SUPPLIED RECORDS
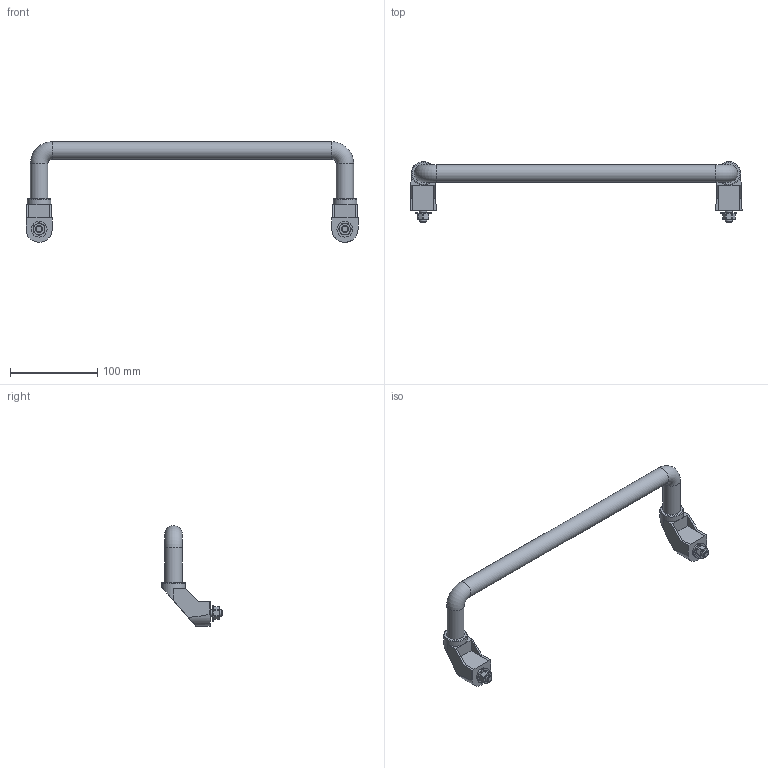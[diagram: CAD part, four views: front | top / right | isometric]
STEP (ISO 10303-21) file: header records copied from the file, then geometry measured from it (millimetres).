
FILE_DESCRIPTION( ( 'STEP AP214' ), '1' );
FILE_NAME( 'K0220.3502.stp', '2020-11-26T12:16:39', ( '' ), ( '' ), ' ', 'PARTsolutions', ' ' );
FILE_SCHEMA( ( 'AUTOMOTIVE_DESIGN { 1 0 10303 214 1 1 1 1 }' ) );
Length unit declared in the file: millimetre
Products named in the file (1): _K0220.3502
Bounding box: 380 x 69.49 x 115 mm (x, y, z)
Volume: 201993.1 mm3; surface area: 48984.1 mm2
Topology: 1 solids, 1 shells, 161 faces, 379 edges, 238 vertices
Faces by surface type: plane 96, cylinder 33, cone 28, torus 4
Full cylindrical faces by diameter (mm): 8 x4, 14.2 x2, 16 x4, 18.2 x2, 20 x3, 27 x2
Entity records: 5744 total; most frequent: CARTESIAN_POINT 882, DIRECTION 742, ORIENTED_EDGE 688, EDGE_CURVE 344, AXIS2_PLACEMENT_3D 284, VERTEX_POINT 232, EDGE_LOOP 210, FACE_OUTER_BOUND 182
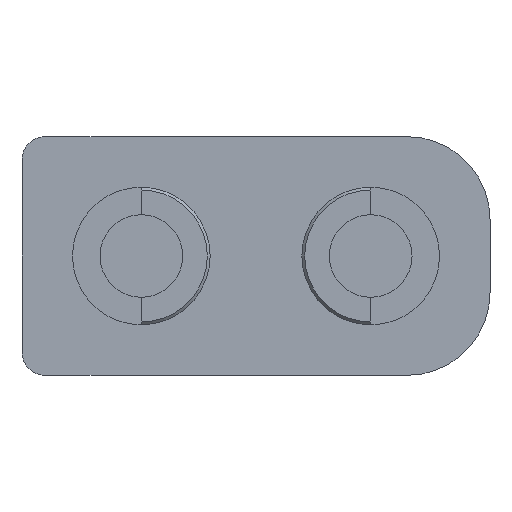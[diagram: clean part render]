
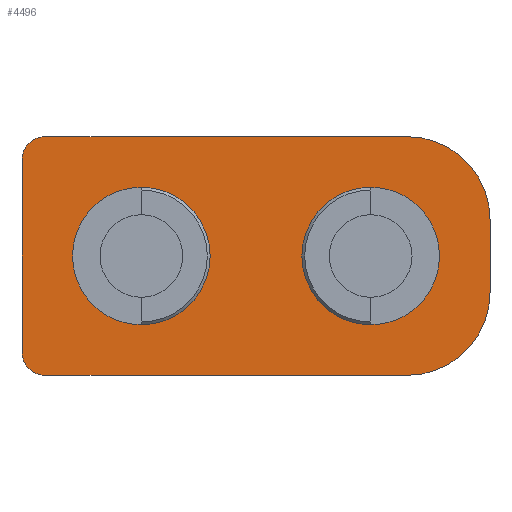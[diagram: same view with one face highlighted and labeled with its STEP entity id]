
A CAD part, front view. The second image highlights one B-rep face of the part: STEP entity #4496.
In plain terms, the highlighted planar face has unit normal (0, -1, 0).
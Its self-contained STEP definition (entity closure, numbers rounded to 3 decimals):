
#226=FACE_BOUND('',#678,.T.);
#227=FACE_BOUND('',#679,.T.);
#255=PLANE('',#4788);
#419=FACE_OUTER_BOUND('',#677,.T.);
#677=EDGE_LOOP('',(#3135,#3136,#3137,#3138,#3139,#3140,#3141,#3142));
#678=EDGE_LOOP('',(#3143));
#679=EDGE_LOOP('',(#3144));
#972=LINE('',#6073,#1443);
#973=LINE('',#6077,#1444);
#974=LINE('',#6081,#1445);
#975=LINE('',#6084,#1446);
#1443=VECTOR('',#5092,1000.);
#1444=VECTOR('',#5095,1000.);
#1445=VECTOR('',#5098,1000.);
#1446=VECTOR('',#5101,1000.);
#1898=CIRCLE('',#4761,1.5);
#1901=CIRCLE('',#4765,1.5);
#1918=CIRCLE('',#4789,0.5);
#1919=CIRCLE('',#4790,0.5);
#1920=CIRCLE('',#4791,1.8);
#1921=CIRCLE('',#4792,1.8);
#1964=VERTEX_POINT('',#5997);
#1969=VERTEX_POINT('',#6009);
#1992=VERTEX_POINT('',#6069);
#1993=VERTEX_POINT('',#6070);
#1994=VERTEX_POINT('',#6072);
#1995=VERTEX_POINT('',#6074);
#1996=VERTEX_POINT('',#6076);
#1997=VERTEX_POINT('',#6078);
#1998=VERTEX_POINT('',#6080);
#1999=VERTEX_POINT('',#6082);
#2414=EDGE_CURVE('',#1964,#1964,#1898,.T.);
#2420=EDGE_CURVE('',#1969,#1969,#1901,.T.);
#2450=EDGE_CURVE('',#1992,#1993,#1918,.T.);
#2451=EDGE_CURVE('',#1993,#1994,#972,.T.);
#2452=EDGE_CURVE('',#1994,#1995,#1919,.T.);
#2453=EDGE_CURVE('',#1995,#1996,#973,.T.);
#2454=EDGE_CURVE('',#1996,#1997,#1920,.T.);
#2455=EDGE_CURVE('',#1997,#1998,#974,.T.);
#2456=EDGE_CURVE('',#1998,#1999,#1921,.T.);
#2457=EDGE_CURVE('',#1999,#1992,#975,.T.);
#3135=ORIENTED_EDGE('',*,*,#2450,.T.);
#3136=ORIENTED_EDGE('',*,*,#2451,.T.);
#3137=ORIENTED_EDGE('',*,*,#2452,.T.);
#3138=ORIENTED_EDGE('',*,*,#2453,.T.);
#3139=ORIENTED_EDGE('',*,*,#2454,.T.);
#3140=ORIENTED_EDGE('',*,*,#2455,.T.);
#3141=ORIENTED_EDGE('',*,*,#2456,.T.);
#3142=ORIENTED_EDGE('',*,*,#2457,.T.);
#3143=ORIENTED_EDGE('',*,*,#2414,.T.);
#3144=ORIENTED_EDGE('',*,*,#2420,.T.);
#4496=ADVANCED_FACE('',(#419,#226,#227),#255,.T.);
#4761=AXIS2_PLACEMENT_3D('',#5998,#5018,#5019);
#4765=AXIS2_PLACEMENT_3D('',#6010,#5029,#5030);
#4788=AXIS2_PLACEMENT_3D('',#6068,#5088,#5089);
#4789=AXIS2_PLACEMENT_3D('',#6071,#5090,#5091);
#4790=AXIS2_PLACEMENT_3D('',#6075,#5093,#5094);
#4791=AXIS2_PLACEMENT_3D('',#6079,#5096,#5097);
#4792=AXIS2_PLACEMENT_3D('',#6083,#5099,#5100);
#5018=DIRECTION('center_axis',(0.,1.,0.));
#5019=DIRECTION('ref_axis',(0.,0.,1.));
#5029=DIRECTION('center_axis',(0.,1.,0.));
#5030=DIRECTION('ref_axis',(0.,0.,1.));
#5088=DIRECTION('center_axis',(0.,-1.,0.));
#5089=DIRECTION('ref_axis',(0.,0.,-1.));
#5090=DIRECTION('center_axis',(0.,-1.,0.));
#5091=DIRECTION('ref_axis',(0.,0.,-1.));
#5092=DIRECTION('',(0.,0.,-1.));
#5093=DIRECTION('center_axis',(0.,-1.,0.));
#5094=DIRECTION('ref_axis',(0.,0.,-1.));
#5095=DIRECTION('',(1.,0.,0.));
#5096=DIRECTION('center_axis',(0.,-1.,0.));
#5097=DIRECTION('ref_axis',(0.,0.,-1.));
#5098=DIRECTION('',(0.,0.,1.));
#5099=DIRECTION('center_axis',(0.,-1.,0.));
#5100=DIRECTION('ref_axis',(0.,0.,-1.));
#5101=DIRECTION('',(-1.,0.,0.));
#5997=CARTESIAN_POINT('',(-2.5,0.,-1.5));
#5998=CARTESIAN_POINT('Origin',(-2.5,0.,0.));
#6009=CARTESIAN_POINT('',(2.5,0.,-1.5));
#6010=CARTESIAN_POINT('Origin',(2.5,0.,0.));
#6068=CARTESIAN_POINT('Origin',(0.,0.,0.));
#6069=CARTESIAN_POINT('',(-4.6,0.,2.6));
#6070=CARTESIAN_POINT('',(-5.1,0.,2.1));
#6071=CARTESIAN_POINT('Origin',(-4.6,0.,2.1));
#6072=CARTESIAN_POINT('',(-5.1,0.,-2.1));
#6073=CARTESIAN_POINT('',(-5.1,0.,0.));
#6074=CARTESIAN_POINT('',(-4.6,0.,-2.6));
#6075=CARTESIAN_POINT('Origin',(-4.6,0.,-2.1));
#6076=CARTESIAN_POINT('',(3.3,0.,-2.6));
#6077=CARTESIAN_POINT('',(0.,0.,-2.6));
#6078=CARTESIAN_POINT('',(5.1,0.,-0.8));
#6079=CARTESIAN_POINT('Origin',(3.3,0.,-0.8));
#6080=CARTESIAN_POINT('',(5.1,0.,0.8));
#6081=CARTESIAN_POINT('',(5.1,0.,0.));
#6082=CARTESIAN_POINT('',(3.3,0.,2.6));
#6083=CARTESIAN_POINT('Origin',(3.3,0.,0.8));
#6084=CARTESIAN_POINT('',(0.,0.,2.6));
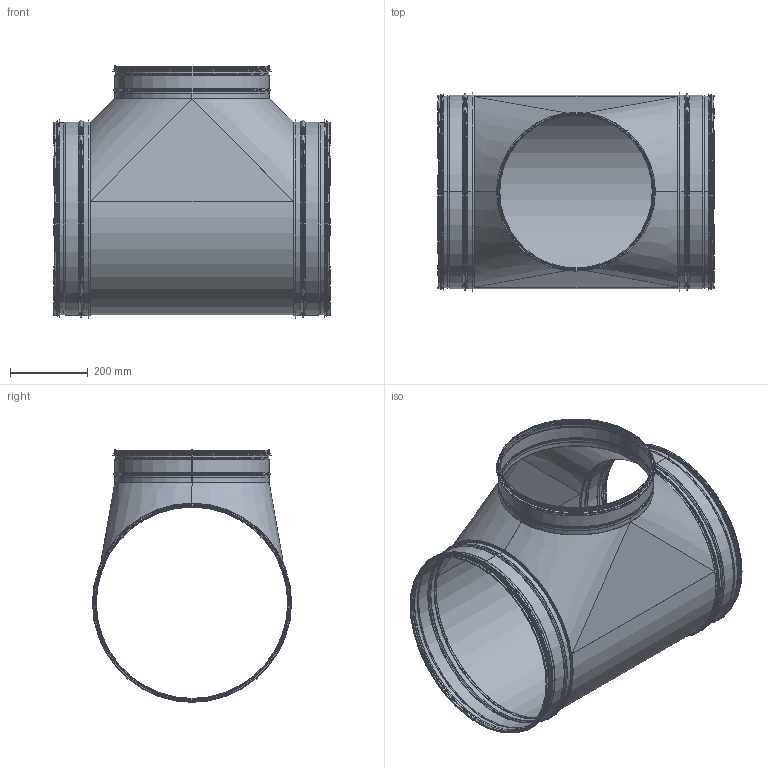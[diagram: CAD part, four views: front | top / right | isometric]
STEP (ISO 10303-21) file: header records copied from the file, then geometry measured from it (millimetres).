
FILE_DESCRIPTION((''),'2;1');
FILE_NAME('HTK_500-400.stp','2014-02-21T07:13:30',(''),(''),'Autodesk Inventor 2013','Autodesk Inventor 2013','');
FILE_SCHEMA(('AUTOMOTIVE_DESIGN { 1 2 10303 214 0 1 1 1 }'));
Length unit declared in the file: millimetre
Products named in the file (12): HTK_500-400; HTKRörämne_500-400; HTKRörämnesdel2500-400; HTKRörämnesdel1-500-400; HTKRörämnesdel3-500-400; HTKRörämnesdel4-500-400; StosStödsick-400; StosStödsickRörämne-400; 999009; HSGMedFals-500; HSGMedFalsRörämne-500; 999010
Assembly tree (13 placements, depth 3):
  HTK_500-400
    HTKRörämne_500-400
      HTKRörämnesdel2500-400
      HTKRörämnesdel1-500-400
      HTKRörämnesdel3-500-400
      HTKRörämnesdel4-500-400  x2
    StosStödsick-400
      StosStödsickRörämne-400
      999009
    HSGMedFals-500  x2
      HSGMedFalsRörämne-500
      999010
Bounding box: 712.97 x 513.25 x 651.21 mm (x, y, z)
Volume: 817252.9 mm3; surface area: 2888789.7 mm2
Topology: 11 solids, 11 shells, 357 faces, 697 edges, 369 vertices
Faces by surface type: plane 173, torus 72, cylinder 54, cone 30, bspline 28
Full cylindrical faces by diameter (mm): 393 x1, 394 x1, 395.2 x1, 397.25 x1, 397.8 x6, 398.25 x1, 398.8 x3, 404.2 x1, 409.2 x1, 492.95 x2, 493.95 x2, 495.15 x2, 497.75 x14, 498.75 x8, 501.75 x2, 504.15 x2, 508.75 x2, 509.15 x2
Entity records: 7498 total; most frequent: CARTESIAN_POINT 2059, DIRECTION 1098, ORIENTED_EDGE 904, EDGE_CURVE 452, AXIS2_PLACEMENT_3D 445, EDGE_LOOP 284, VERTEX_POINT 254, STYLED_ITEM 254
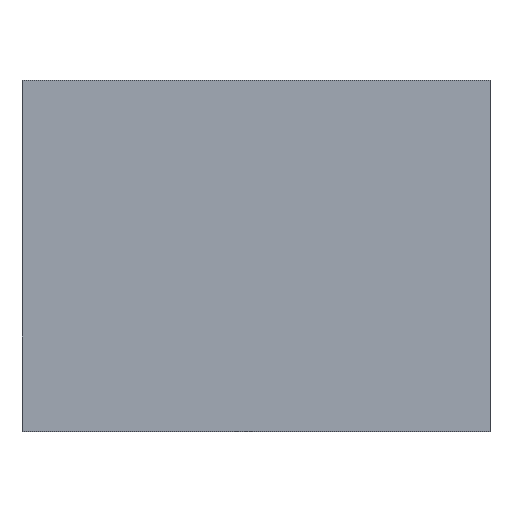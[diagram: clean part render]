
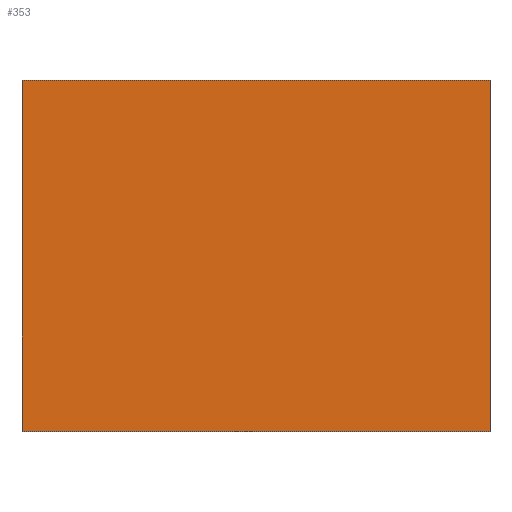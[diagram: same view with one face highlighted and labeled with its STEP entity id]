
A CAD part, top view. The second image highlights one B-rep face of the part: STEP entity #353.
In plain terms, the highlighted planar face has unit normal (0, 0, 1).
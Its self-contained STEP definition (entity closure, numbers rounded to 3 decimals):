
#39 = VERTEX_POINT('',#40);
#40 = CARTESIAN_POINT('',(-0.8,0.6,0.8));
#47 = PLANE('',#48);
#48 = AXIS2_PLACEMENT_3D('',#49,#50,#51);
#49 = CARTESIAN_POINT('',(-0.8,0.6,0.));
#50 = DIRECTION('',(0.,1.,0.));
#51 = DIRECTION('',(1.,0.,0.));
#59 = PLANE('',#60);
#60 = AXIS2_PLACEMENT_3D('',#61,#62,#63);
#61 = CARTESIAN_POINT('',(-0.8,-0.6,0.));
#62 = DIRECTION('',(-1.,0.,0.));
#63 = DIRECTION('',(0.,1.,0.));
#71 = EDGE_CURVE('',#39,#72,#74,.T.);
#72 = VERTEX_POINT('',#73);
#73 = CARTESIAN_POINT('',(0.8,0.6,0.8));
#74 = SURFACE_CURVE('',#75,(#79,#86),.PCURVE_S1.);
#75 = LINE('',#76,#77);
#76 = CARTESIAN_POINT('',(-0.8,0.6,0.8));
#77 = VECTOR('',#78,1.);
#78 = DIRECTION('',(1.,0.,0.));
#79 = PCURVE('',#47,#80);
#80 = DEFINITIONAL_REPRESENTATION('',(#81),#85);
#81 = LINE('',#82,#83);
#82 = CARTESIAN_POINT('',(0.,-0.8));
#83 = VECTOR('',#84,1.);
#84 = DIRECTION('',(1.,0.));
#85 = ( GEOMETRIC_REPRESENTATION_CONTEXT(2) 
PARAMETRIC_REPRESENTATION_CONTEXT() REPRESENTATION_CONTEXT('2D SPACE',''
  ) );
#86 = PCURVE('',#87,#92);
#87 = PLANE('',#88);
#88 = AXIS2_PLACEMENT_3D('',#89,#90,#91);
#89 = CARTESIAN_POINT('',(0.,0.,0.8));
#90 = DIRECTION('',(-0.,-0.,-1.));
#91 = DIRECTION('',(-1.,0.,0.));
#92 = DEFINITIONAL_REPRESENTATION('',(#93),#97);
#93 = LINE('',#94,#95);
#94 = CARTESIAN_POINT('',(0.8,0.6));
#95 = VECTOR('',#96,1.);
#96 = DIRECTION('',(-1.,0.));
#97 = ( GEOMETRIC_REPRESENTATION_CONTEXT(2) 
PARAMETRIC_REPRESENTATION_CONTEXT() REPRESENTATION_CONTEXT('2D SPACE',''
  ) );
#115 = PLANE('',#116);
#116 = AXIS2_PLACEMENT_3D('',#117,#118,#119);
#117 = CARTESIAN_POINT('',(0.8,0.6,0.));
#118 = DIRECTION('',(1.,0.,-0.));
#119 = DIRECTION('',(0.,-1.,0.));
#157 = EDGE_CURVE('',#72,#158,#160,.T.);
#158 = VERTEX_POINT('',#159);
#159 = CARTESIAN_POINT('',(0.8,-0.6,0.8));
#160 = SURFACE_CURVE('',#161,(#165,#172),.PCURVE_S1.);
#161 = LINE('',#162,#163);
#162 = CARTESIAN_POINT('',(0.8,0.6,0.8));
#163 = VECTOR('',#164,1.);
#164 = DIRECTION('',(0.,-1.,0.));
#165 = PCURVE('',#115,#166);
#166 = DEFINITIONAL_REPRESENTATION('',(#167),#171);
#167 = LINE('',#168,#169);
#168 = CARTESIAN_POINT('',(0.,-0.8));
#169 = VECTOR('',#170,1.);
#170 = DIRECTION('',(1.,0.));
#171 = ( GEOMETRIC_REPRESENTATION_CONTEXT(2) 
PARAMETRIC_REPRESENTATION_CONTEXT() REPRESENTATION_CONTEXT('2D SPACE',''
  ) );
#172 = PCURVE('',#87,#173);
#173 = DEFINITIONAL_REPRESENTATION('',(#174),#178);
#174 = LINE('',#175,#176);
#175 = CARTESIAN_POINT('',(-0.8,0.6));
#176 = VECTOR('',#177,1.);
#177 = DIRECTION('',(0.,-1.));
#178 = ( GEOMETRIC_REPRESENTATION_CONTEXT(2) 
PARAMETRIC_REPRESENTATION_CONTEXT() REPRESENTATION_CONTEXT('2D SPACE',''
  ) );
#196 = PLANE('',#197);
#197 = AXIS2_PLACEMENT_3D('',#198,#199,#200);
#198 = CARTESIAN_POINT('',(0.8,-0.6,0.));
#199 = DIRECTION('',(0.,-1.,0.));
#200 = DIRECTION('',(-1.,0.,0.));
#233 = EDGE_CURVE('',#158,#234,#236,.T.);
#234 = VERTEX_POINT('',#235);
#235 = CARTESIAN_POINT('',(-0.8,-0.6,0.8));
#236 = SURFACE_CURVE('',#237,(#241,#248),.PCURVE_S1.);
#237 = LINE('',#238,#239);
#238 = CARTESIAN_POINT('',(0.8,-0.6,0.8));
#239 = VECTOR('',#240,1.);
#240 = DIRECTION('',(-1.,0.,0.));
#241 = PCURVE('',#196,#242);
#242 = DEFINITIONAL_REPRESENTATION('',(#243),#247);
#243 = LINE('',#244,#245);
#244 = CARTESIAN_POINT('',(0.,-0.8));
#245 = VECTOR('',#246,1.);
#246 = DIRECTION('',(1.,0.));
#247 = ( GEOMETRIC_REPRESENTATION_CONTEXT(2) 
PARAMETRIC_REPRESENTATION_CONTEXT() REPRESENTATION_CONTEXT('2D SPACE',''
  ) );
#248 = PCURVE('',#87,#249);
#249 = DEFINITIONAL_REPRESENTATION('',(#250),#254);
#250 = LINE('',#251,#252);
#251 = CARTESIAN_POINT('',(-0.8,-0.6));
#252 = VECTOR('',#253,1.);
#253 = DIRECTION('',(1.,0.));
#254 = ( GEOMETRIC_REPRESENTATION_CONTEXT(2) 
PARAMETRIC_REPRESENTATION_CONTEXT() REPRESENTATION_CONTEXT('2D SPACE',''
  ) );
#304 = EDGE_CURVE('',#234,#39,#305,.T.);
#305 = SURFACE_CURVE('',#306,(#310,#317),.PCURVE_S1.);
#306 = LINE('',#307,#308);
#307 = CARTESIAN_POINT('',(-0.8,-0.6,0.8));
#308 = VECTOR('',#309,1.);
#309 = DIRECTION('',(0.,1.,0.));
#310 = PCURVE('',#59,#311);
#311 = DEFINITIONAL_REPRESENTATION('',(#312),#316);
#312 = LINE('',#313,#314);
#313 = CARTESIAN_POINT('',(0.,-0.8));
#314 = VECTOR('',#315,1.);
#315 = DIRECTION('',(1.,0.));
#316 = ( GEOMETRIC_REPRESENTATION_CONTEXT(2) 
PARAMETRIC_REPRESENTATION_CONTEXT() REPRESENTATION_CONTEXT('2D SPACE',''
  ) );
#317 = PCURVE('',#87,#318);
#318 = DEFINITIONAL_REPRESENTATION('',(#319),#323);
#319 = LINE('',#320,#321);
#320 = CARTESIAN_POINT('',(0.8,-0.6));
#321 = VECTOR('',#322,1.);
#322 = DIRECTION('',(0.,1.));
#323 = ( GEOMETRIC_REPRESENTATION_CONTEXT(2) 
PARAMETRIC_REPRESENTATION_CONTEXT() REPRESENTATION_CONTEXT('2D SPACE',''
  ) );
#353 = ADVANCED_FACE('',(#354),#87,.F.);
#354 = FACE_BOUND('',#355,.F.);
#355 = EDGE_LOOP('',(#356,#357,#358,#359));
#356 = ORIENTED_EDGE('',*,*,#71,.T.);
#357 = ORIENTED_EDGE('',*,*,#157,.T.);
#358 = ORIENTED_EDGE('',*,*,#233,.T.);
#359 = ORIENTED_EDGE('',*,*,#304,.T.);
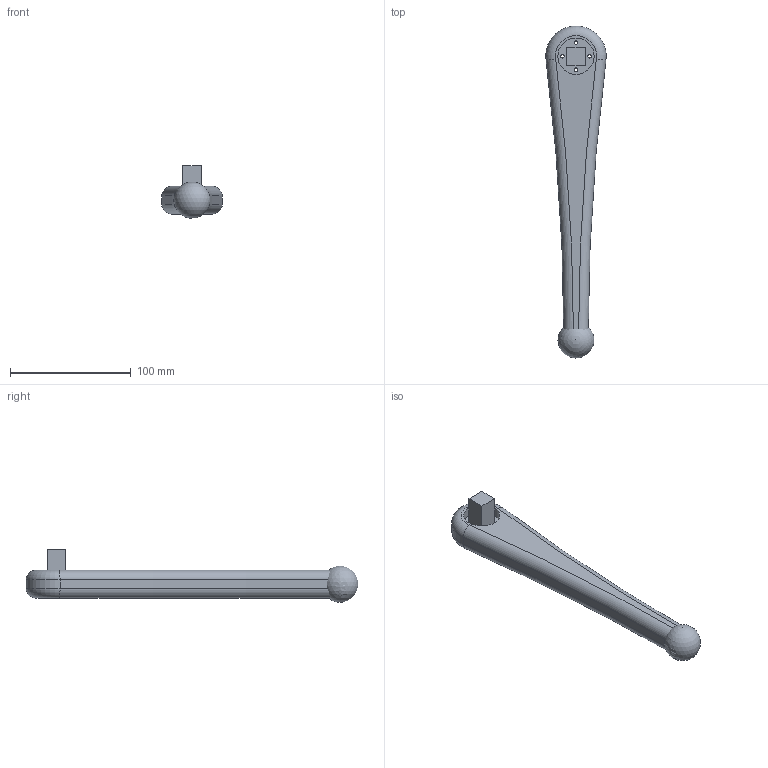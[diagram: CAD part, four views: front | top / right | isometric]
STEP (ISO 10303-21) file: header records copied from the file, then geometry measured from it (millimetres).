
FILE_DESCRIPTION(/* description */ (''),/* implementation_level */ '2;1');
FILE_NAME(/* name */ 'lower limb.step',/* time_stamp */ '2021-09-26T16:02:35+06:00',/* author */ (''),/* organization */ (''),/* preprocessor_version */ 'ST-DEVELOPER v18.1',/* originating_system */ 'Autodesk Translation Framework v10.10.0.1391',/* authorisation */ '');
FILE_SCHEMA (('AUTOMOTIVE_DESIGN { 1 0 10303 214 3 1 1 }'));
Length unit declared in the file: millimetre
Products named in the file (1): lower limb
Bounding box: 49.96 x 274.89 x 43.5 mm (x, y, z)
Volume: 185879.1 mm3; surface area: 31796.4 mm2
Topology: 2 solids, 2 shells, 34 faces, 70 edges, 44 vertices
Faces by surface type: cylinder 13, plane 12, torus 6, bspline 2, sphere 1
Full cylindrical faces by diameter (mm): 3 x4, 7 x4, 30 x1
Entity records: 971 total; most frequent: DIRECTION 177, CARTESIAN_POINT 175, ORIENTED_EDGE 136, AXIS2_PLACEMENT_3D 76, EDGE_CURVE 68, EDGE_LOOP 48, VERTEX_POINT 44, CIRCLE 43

TASK TO CARRY OUT
Each line of the records that holds the word "normal" should be copied out.

OUTPUT BELOW
In plain terms, the highlighted planar face has unit normal (0, -1, 0).
In plain terms, the highlighted planar face has unit normal (0, 0, 1).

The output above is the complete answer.